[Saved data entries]

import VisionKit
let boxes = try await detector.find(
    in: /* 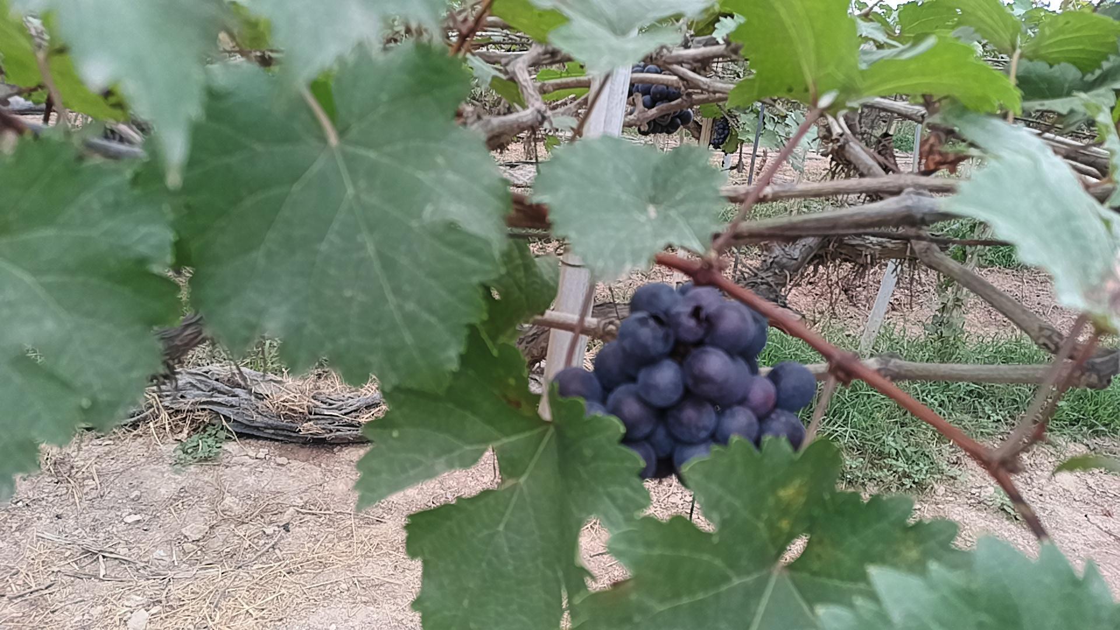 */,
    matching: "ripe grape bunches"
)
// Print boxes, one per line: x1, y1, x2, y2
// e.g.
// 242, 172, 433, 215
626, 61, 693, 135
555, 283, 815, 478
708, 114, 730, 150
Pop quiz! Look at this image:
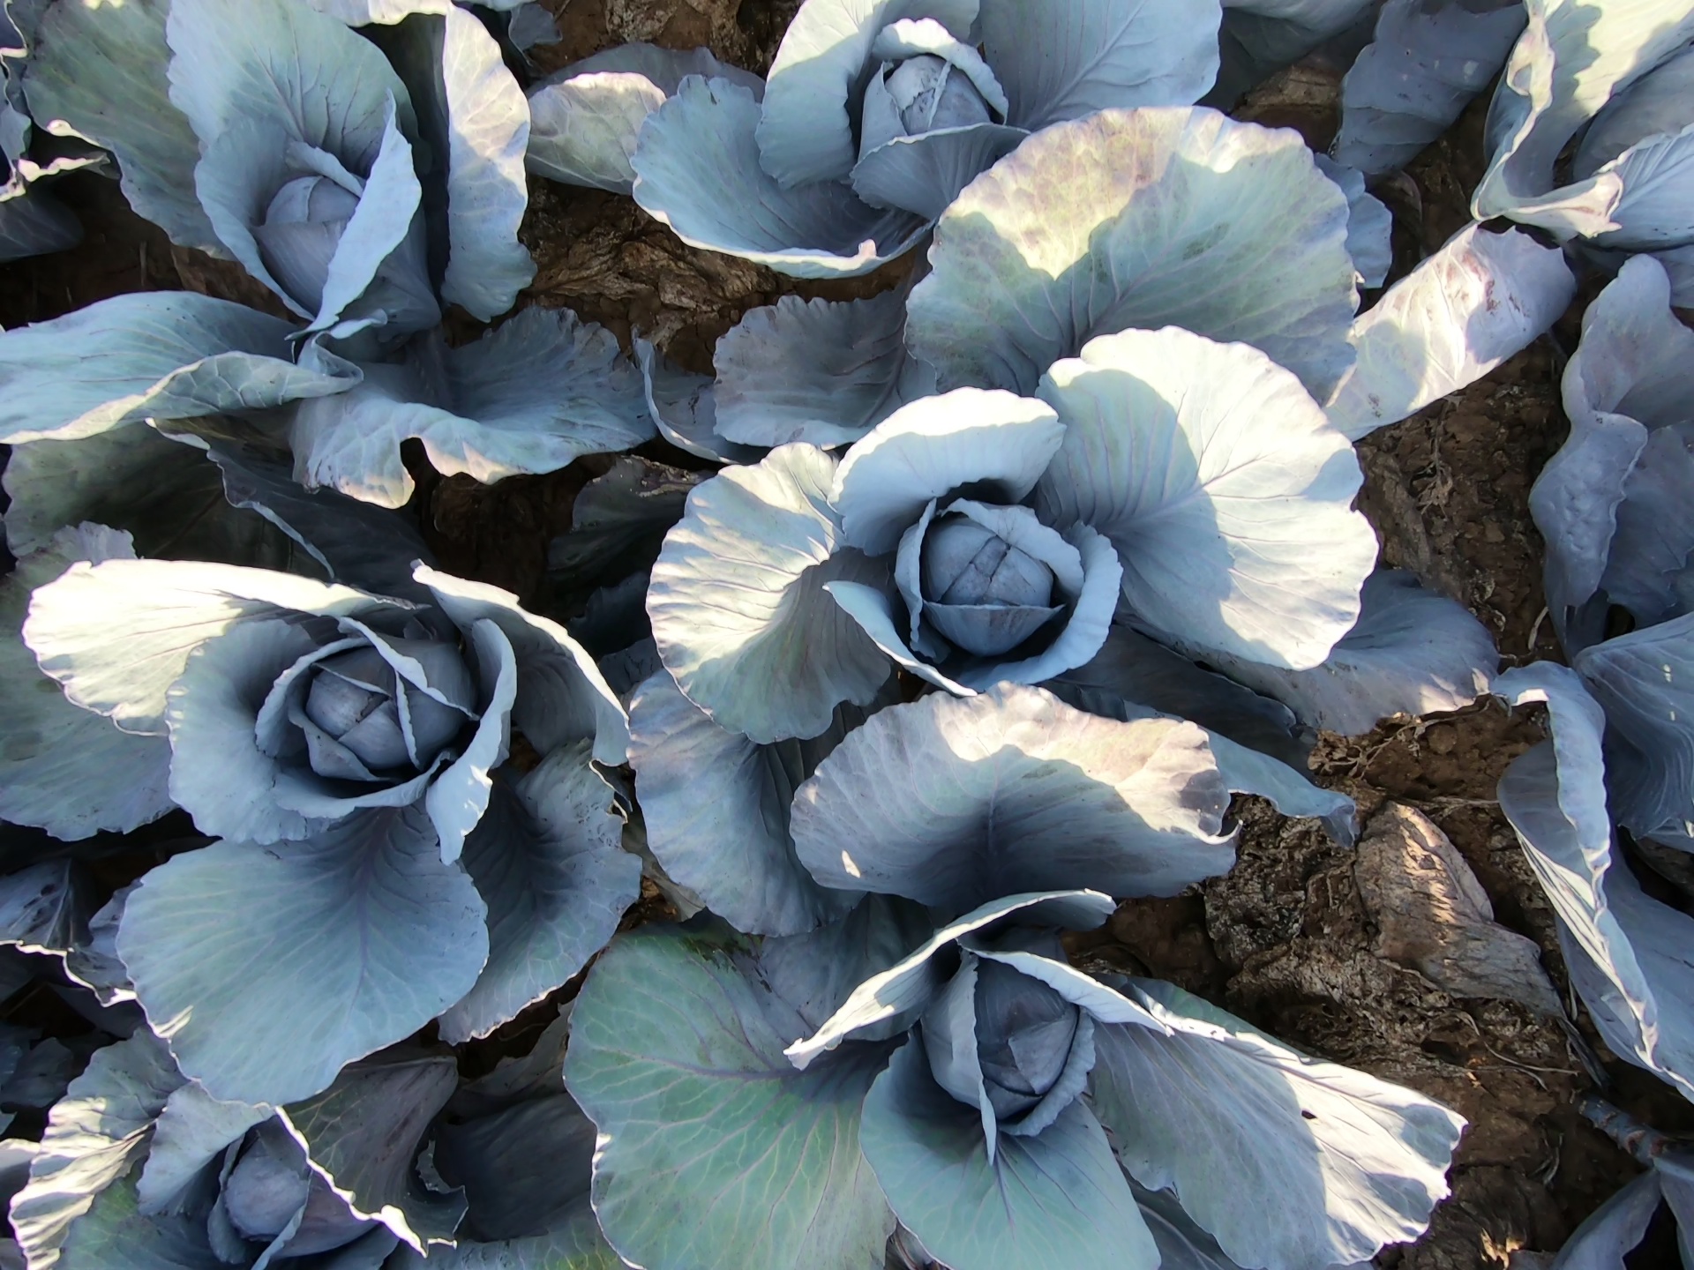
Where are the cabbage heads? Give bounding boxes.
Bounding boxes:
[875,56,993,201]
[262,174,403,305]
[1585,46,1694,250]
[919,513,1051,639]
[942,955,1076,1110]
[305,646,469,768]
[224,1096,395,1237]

■ **Assignment**
Lines from the one containing "Pop quiz! Look" through the end of the entries above, both included, are to be written out exactly; no pictures and no other lines.

■ **Task output**
Pop quiz! Look at this image:
Where are the cabbage heads? Give bounding boxes.
Bounding boxes:
[875,56,993,201]
[262,174,403,305]
[1585,46,1694,250]
[919,513,1051,639]
[942,955,1076,1110]
[305,646,469,768]
[224,1096,395,1237]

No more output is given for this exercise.